According to Consultant Dermatologist at skindoc, Sreedhar Krishna, failing to keep your makeup tools clean can result in acne, irritation, skin infections, premature ageing, and uneven makeup coverage.2 If left unwashed, bacteria and grime can build up on brushes and sponges, meaning you are actually applying infectious products directly to your skin.

Generally, this will lead to skin problems but might even cause you to become unwell.

Filthiest essentials makeup tools

Top tips for cleaning essential items

While germs are everywhere and most can be harmless, others can make you ill.

To avoid the chance of getting sick, it’s important to clean the items you use regularly, to wipe away any harmful bacteria, and ensure they stay hygienic. For example, to clean your phone, remove its cover and wipe with a disinfectant wipe, before removing any smudges with a microfibre cloth. You can clean your remote control in the same way – just make sure you remove the batteries first.

When it comes to shopping trollies, take your own hand sanitiser and tissues on your weekly food shop, making sure you sanitise the handles first, before sanitising your hands.

Whilst you don’t need to clean each item daily, cleaning them regularly will remove any bacteria that’s settled on the surfaces, which will reduce your chances of becoming ill. The longer you do this, you’ll settle into a routine, and soon, cleaning your essential items will become second nature to you.

Potential issues that may arise as a result of dirty makeup applicators can be easily avoided by taking some precautions. Consultant Dermatologist, Sreedhar Krishna advises using a good quality brush cleanser at least twice per week.

Start by swishing the brush back and forth across the cleanser and ensure you re-shape the hairs whilst they are still wet. Allow the brushes or sponges to dry naturally.

For those who have acne-prone skin, following this process daily is advised.


Swabs were taken using Hygiena’s UltraSnap Surface ATP Test and EnSURE Touch monitoring system to determine RLU (Relative Light Units) results.

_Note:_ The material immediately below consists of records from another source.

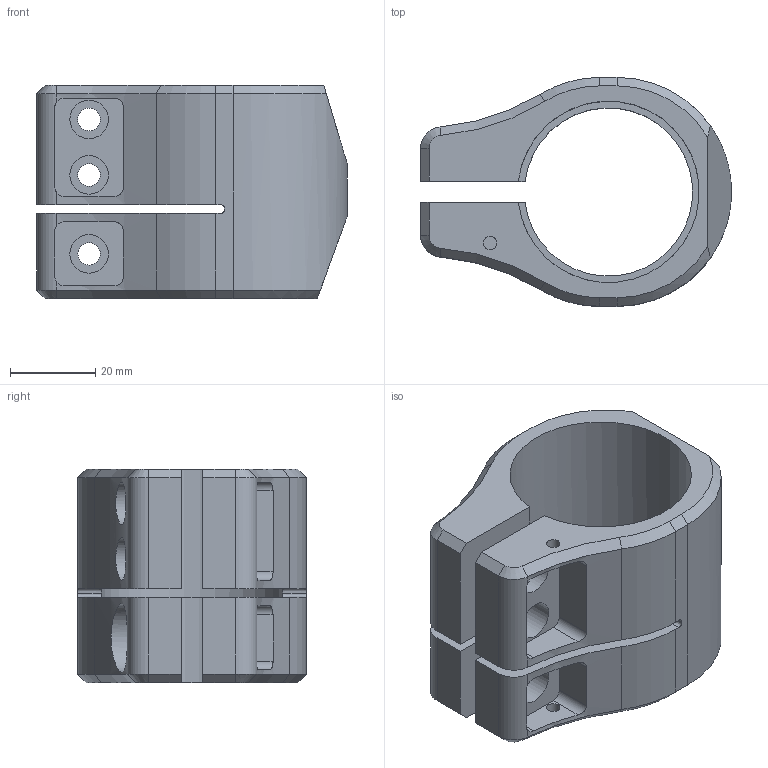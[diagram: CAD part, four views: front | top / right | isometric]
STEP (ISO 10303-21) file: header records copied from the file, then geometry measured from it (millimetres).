
FILE_DESCRIPTION (( 'STEP AP214' ), '1' );
FILE_NAME ('PER-USI-020A-manchon 6EDF.STEP', '2023-04-03T12:07:33', ( '' ), ( '' ), 'SwSTEP 2.0', 'SolidWorks 2021', '' );
FILE_SCHEMA (( 'AUTOMOTIVE_DESIGN' ));
Length unit declared in the file: millimetre
Products named in the file (1): PER-USI-020A-manchon 6EDF
Bounding box: 72.8 x 53.6 x 50 mm (x, y, z)
Volume: 66381.1 mm3; surface area: 24829.9 mm2
Topology: 1 solids, 1 shells, 92 faces, 250 edges, 162 vertices
Faces by surface type: plane 38, cylinder 34, cone 16, bspline 4
Full cylindrical faces by diameter (mm): 3.1 x2, 5.2 x1, 5.3 x2, 9 x3, 10 x2, 16 x1
Entity records: 3458 total; most frequent: CARTESIAN_POINT 1173, ORIENTED_EDGE 464, DIRECTION 455, EDGE_CURVE 232, AXIS2_PLACEMENT_3D 170, VERTEX_POINT 155, EDGE_LOOP 121, LINE 115
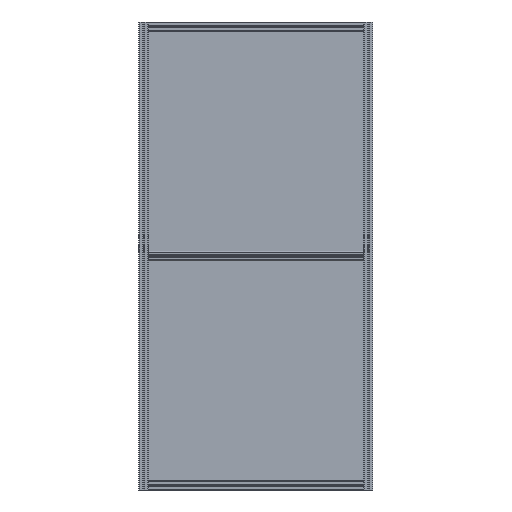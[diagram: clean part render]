
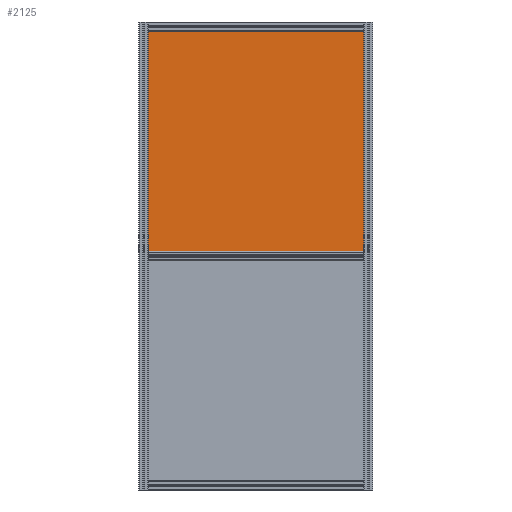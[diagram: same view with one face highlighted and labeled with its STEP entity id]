
A CAD part, front view. The second image highlights one B-rep face of the part: STEP entity #2125.
In plain terms, the highlighted face is planar.
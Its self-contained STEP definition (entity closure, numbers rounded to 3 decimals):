
#2125=ADVANCED_FACE('',(#3566),#3567,.T.);
#3566=FACE_OUTER_BOUND('',#6559,.T.);
#3567=PLANE('',#6560);
#6559=EDGE_LOOP('',(#9571,#9572,#9573,#9574));
#6560=AXIS2_PLACEMENT_3D('',#9575,#9576,#9577);
#9571=ORIENTED_EDGE('',*,*,#22198,.F.);
#9572=ORIENTED_EDGE('',*,*,#22196,.F.);
#9573=ORIENTED_EDGE('',*,*,#22190,.F.);
#9574=ORIENTED_EDGE('',*,*,#22193,.F.);
#9575=CARTESIAN_POINT('',(0.0,0.0,-4.0));
#9576=DIRECTION('',(0.0,0.0,-1.0));
#9577=DIRECTION('',(-1.0,0.0,0.0));
#22190=EDGE_CURVE('',#26401,#26396,#26403,.T.);
#22193=EDGE_CURVE('',#26406,#26401,#26408,.T.);
#22196=EDGE_CURVE('',#26396,#26409,#26413,.T.);
#22198=EDGE_CURVE('',#26409,#26406,#26415,.T.);
#26396=VERTEX_POINT('',#33426);
#26401=VERTEX_POINT('',#33433);
#26403=LINE('',#33436,#33437);
#26406=VERTEX_POINT('',#33441);
#26408=LINE('',#33444,#33445);
#26409=VERTEX_POINT('',#33446);
#26413=LINE('',#33452,#33453);
#26415=LINE('',#33456,#33457);
#33426=CARTESIAN_POINT('',(-470.0,-480.0,-4.0));
#33433=CARTESIAN_POINT('',(-470.0,480.0,-4.0));
#33436=CARTESIAN_POINT('',(-470.0,0.0,-4.0));
#33437=VECTOR('',#45654,1.0);
#33441=CARTESIAN_POINT('',(470.0,480.0,-4.0));
#33444=CARTESIAN_POINT('',(0.0,480.0,-4.0));
#33445=VECTOR('',#45657,1.0);
#33446=CARTESIAN_POINT('',(470.0,-480.0,-4.0));
#33452=CARTESIAN_POINT('',(0.0,-480.0,-4.0));
#33453=VECTOR('',#45660,1.0);
#33456=CARTESIAN_POINT('',(470.0,0.0,-4.0));
#33457=VECTOR('',#45662,1.0);
#45654=DIRECTION('',(0.0,-1.0,0.0));
#45657=DIRECTION('',(-1.0,0.0,0.0));
#45660=DIRECTION('',(1.0,0.0,0.0));
#45662=DIRECTION('',(0.0,1.0,0.0));
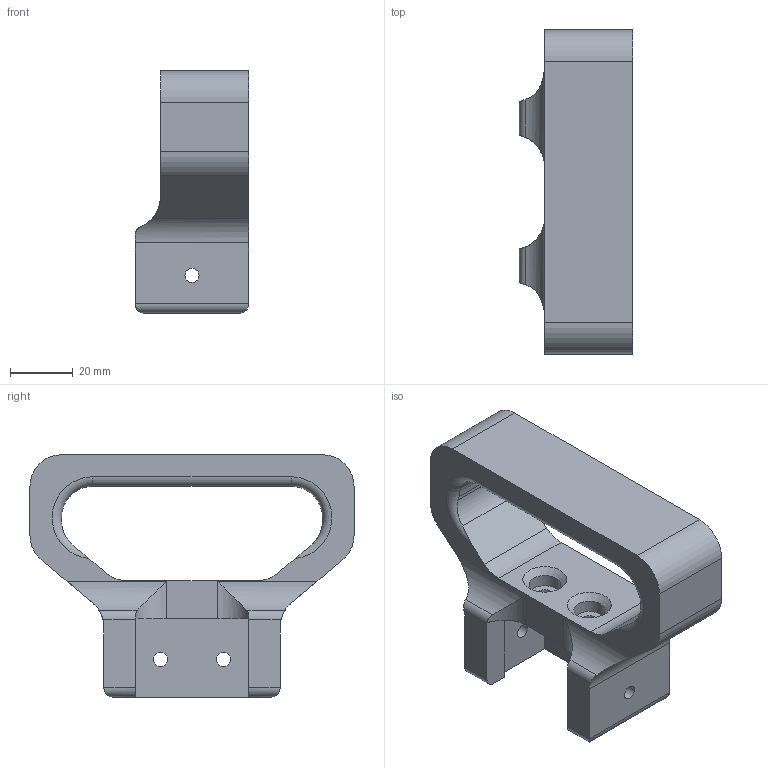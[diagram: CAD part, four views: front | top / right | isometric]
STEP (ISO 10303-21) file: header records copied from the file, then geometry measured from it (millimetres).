
FILE_DESCRIPTION(/* description */ (''),/* implementation_level */ '2;1');
FILE_NAME(/* name */ 'maniglia.stp',/* time_stamp */ '2025-12-05T20:53:17+01:00',/* author */ ('R5800u'),/* organization */ (''),/* preprocessor_version */ 'ST-DEVELOPER v20',/* originating_system */ 'Autodesk Inventor 2025',/* authorisation */ '');
FILE_SCHEMA (('AUTOMOTIVE_DESIGN { 1 0 10303 214 3 1 1 }'));
Length unit declared in the file: millimetre
Products named in the file (1): maniglia
Bounding box: 36 x 102.9 x 77 mm (x, y, z)
Volume: 93466.6 mm3; surface area: 25186.7 mm2
Topology: 1 solids, 1 shells, 67 faces, 181 edges, 118 vertices
Faces by surface type: cylinder 33, plane 28, torus 4, cone 2
Full cylindrical faces by diameter (mm): 4.5 x4, 5.5 x2, 10 x2
Entity records: 2290 total; most frequent: CARTESIAN_POINT 509, ORIENTED_EDGE 362, DIRECTION 361, EDGE_CURVE 181, AXIS2_PLACEMENT_3D 130, VERTEX_POINT 118, LINE 101, VECTOR 101
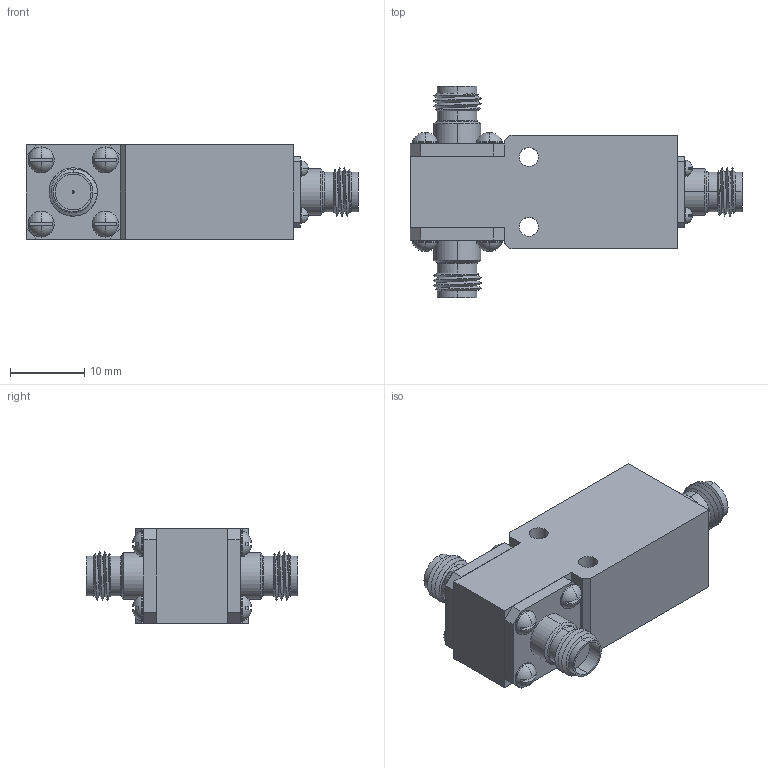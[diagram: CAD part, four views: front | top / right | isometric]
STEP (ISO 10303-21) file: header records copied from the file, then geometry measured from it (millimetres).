
FILE_DESCRIPTION (( 'STEP AP203' ), '1' );
FILE_NAME ('SCV-000653402505-VFVF-U3, SCV-000723402505-VFVF-U3, SCV-000853402505-VFVF-U3.STEP', '2019-10-22T17:33:45', ( '' ), ( '' ), 'SwSTEP 2.0', 'SolidWorks 2016', '' );
FILE_SCHEMA (( 'CONFIG_CONTROL_DESIGN' ));
Length unit declared in the file: inch
Products named in the file (1): SCV-000653402505-VFVF-U3, SCV-000723402505-VFVF-U3, SCV-000853402505-VFVF-U3
Bounding box: 44.7 x 28.45 x 12.7 mm (x, y, z)
Volume: 7260.7 mm3; surface area: 4747.2 mm2
Topology: 28 solids, 28 shells, 408 faces, 941 edges, 604 vertices
Faces by surface type: cylinder 144, plane 132, torus 54, cone 48, sphere 24, bspline 6
Entity records: 14744 total; most frequent: CARTESIAN_POINT 5089, DIRECTION 2208, ORIENTED_EDGE 1882, AXIS2_PLACEMENT_3D 945, EDGE_CURVE 941, VERTEX_POINT 604, CIRCLE 542, EDGE_LOOP 451

The RLU reading is based on the amount of ATP (Adenosine Triphosphate) collected from the sample. The relationship between the amount of ATP on the sample and the RLU result reading is simple: high contamination (improper cleaning) = large amount of ATP = more light produced in reaction= high RLU reading on EnSURE. Objects with an RLU reading of <50 register as a pass (clean), and objects with an RLU reading of >50 register as a fail (dirty).

The following twelve items were swabbed, at multiple locations, using 10 different reference points: supermarket trolley, takeaway container, remote, iPad, headphones, supermarket shopping bag, laptop, phone, doormat, keys, inside of a kitchen bin, and a toilet seat – for example, we swabbed 10 of each item (for example 10 takeaway containers), across a variety of locations. All of the objects that failed were summed to give a total fail count and a total RLU reading.

In addition, the following four makeup tools were also swabbed, using 10 different reference points: foundation brush, beauty sponge, eyeshadow brush and powder brush.


  1. Admitted patient care 2020-21: Separations with a diagnosis of COVID-19. Australian Institute of Health and Welfare, Australian Government. 2022.